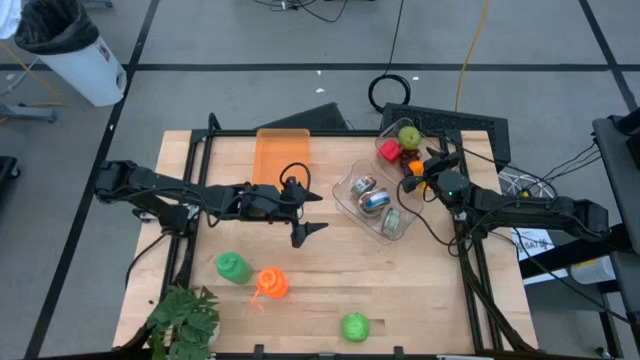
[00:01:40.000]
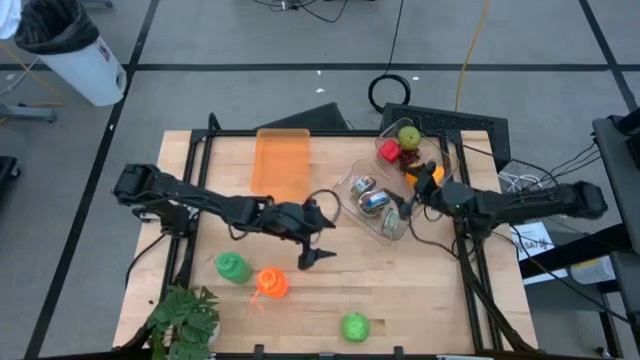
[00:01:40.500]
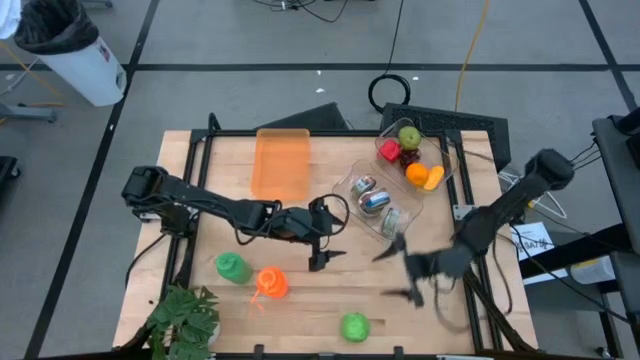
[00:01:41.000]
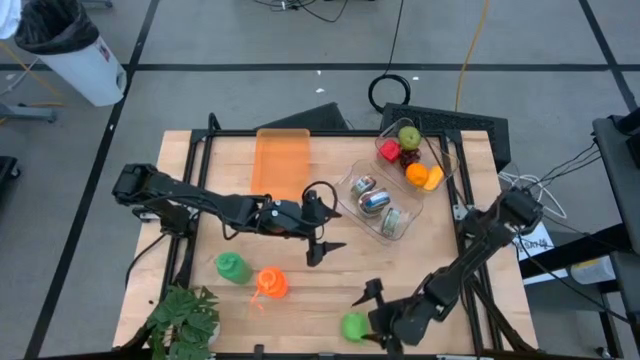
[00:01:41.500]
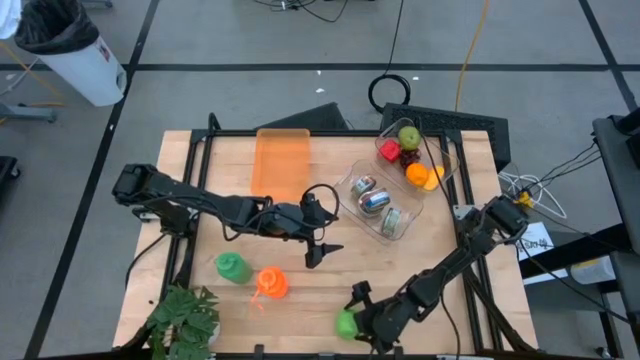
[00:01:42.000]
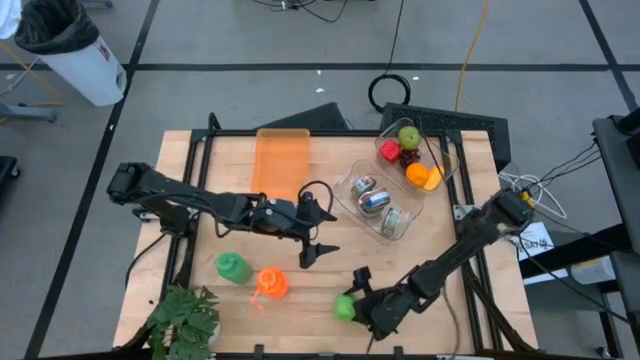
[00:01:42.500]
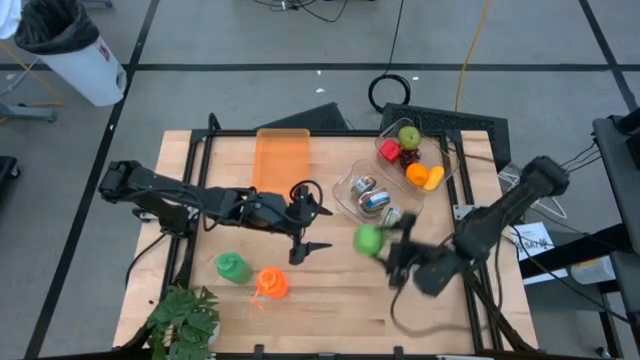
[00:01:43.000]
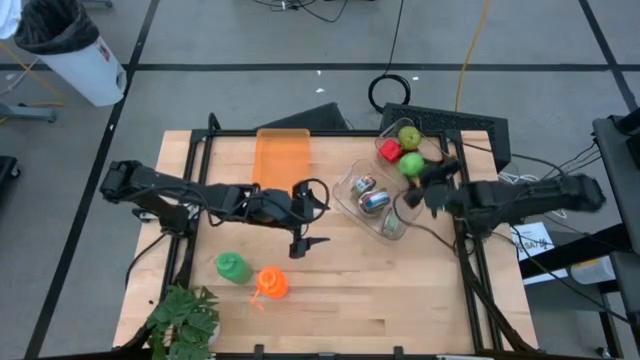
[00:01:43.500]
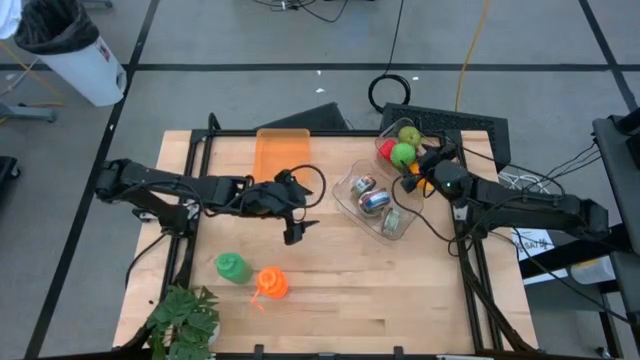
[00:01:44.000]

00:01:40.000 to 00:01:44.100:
Put the green apple into the right transparent bin

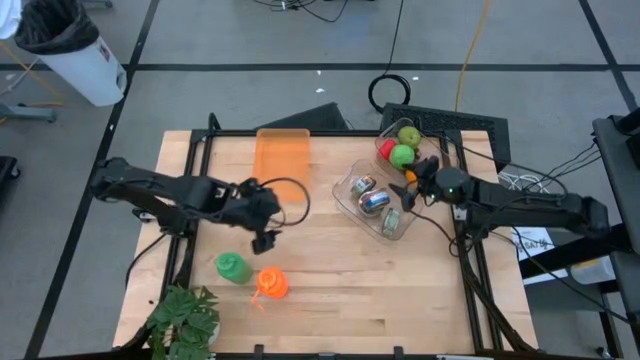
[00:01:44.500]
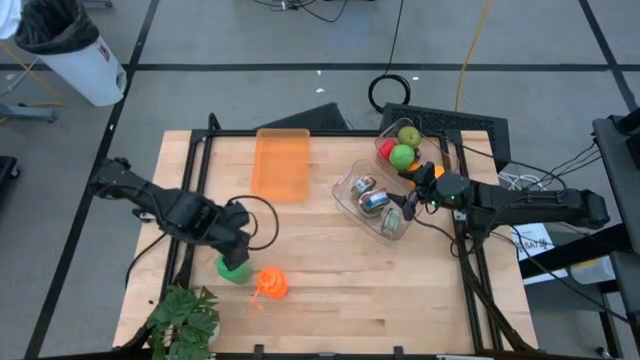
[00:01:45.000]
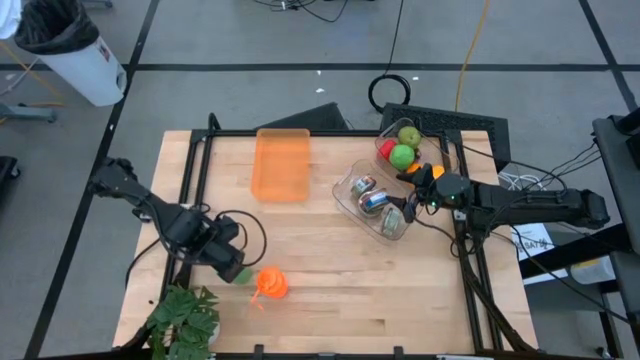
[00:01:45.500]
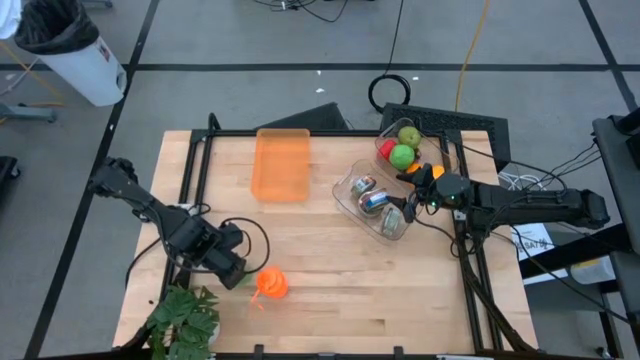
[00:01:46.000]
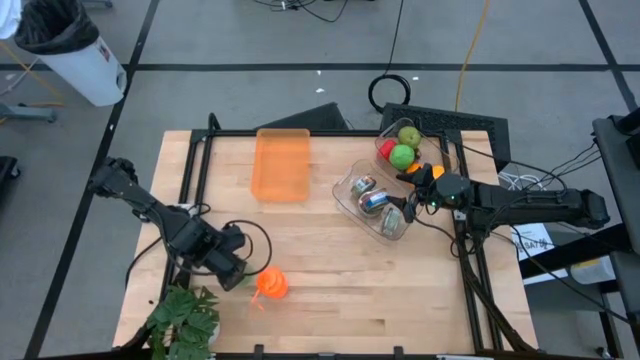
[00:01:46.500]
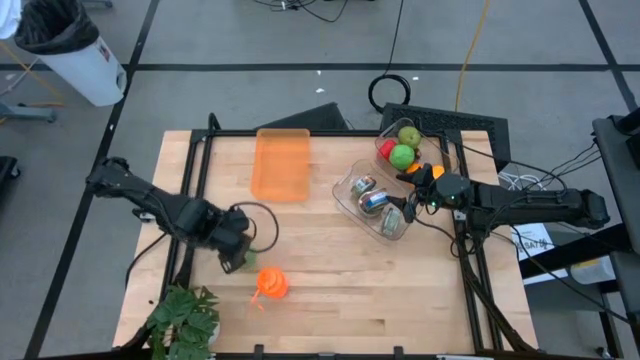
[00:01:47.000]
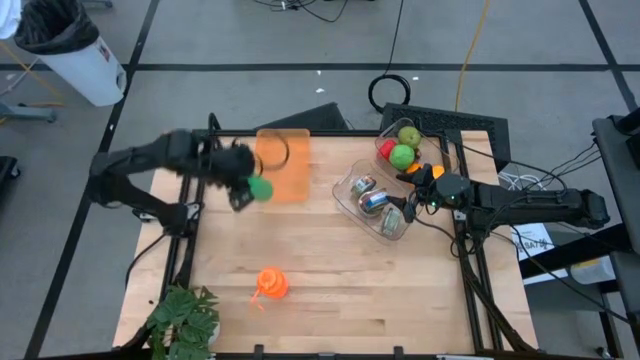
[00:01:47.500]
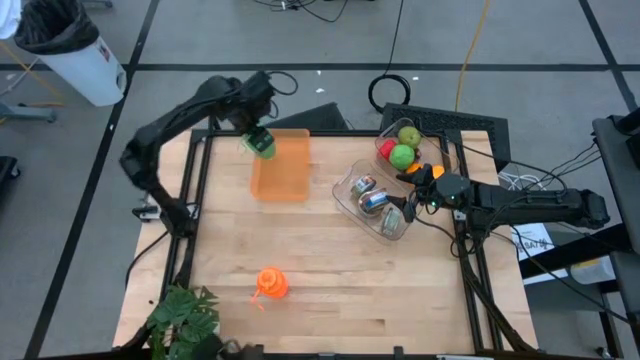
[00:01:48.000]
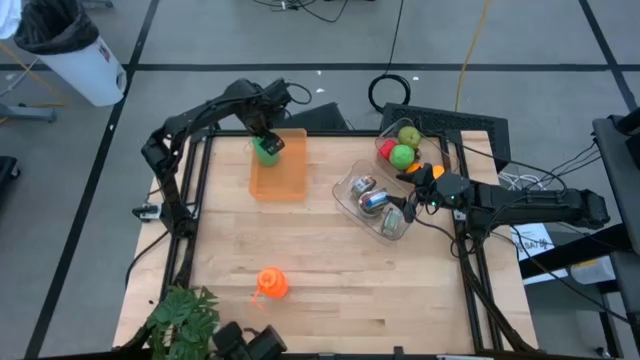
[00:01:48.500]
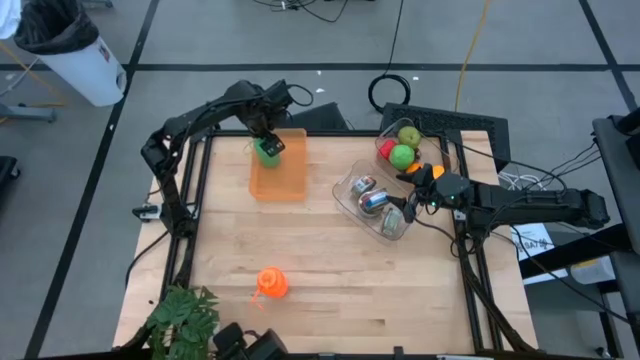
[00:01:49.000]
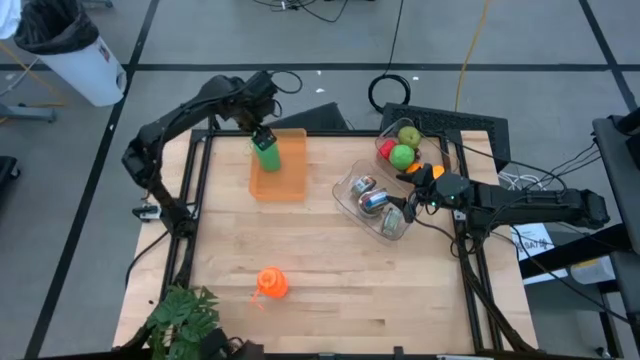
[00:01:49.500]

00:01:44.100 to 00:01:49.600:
Put the green tumbler into the orange bin

==*==

**Description of the task:** Leave the pictures aside. Set down exactly the lines from the one with "[00:01:48.000]" through the final line of the listing above.

**Solved exercise:**
[00:01:48.000]
[00:01:48.500]
[00:01:49.000]
[00:01:49.500]

00:01:44.100 to 00:01:49.600:
Put the green tumbler into the orange bin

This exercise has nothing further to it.